Ethylene response factor SlERF.D6 promotes ripening in part through transcription factors SlDEAR2 and SlTCP12

Yao Chen, Xin Wang, Vincent Colantonio, Zhuo Gao, Yangang Pei, Tara Fish, Jie Ye, Lance Courtney, Theodore W. Thannhauser, Zhibiao Ye, Yongsheng Liu, Zhangjun Fei , Mingchun Liu, and James J. Giovannoni

PNAS; February 10, 2025; 122 (7) e2405894122

https://doi.org/10.1073/pnas.2405894122

Significance

A tomato ETHYLENE RESPONSE FACTOR gene, SlERF.D6, encodes a positive and primary regulator of tomato fruit ripening, influencing all measured ripening changes and numerous corresponding known genes contributing to ripening phenotypes with evidence for effects via a cascade of multiple transcription factors (TFs). Based on our results, the proposed SlERF.D6 ripening regulatory module was positioned in the context of known ripening regulators including ethylene and previously described essential ripening TFs.

Abstract

Ripening is crucial for the development of fleshy fruits that release their seeds following consumption by frugivores and are important contributors to human health and nutritional security. Many genetic ripening regulators have been identified, especially in the model system tomato, yet more remain to be discovered and integrated into comprehensive regulatory models. Most tomato ripening genes have been studied in pericarp tissue, though recent evidence indicates that locule tissue is a site of early ripening-gene activities. Here, we identified and functionally characterized an Ethylene Response Factor (ERF) gene, SlERF.D6, by investigating tomato transcriptome data throughout plant development, emphasizing genes elevated in the locule during fruit development and ripening. SlERF.D6 loss-of-function mutants resulting from CRISPR/Cas9 gene editing delayed ripening initiation and carotenoid accumulation in both pericarp and locule tissues. Transcriptome analysis of lines altered in SlERF.D6 expression revealed multiple classes of altered genes including ripening regulators, in addition to carotenoid, cell wall, and ethylene pathway genes, suggesting comprehensive ripening control. Distinct regulatory patterns in pericarp versus locule tissues were observed, indicating tissue-specific activity of this transcription factor (TF). Analysis of SlERF.D6 interaction with target promoters revealed an APETALA 2/ETHYLENE RESPONSE FACTOR (AP2/ERF) TF (SlDEAR2) as a target of SlERF.D6. Furthermore, we show that a third TF gene, SlTCP12, is a target of SlDEAR2, presenting a tricomponent module of ripening control residing in the larger SlERF.D6 regulatory network.
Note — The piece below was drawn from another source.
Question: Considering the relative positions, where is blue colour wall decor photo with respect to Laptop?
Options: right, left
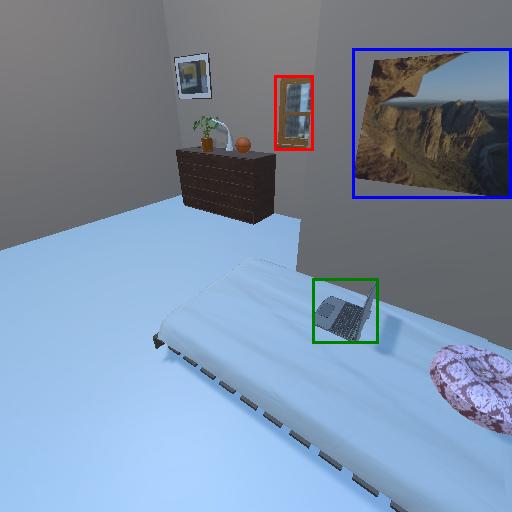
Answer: right

See https://www.pnas.org/doi/10.1073/pnas.2405894122

Figure 1:

Images and ripening onset of CRISPR/Cas9 tomato mutants. (A–M) Representative fruit phenotypes of (A) Ailsa Craig WT and edited mutants of 12 TFs at 40 DPA. (B) CR-BLH1, Solyc01g007070; (C) CR-MYC6, Solyc01g102300; (D) CR-bZIP8, Solyc01g104650; (E) CR-WOX14, Solyc02g082670; (F) CR-HZL2, Solyc02g087840; (G) CR-VAH1, Solyc03g113270; (H) CR-ERF.D6, Solyc04g071770; (I) CR-NAC39, Solyc05g007770; (J) CR-HsfA6b, Solyc06g053960; (K) CR-ARR11, Solyc08g077230; (L) CR-ZHD23, Solyc09g065670; (M) CR-JA2, Solyc12g013620. (N) Time from anthesis to the breaker stage of Ailsa Craig WT (AC) and edited mutants. Statistical significance was determined by Student’s t test: *0.01 < P < 0.05; ***P < 0.001. Error bars indicate SE.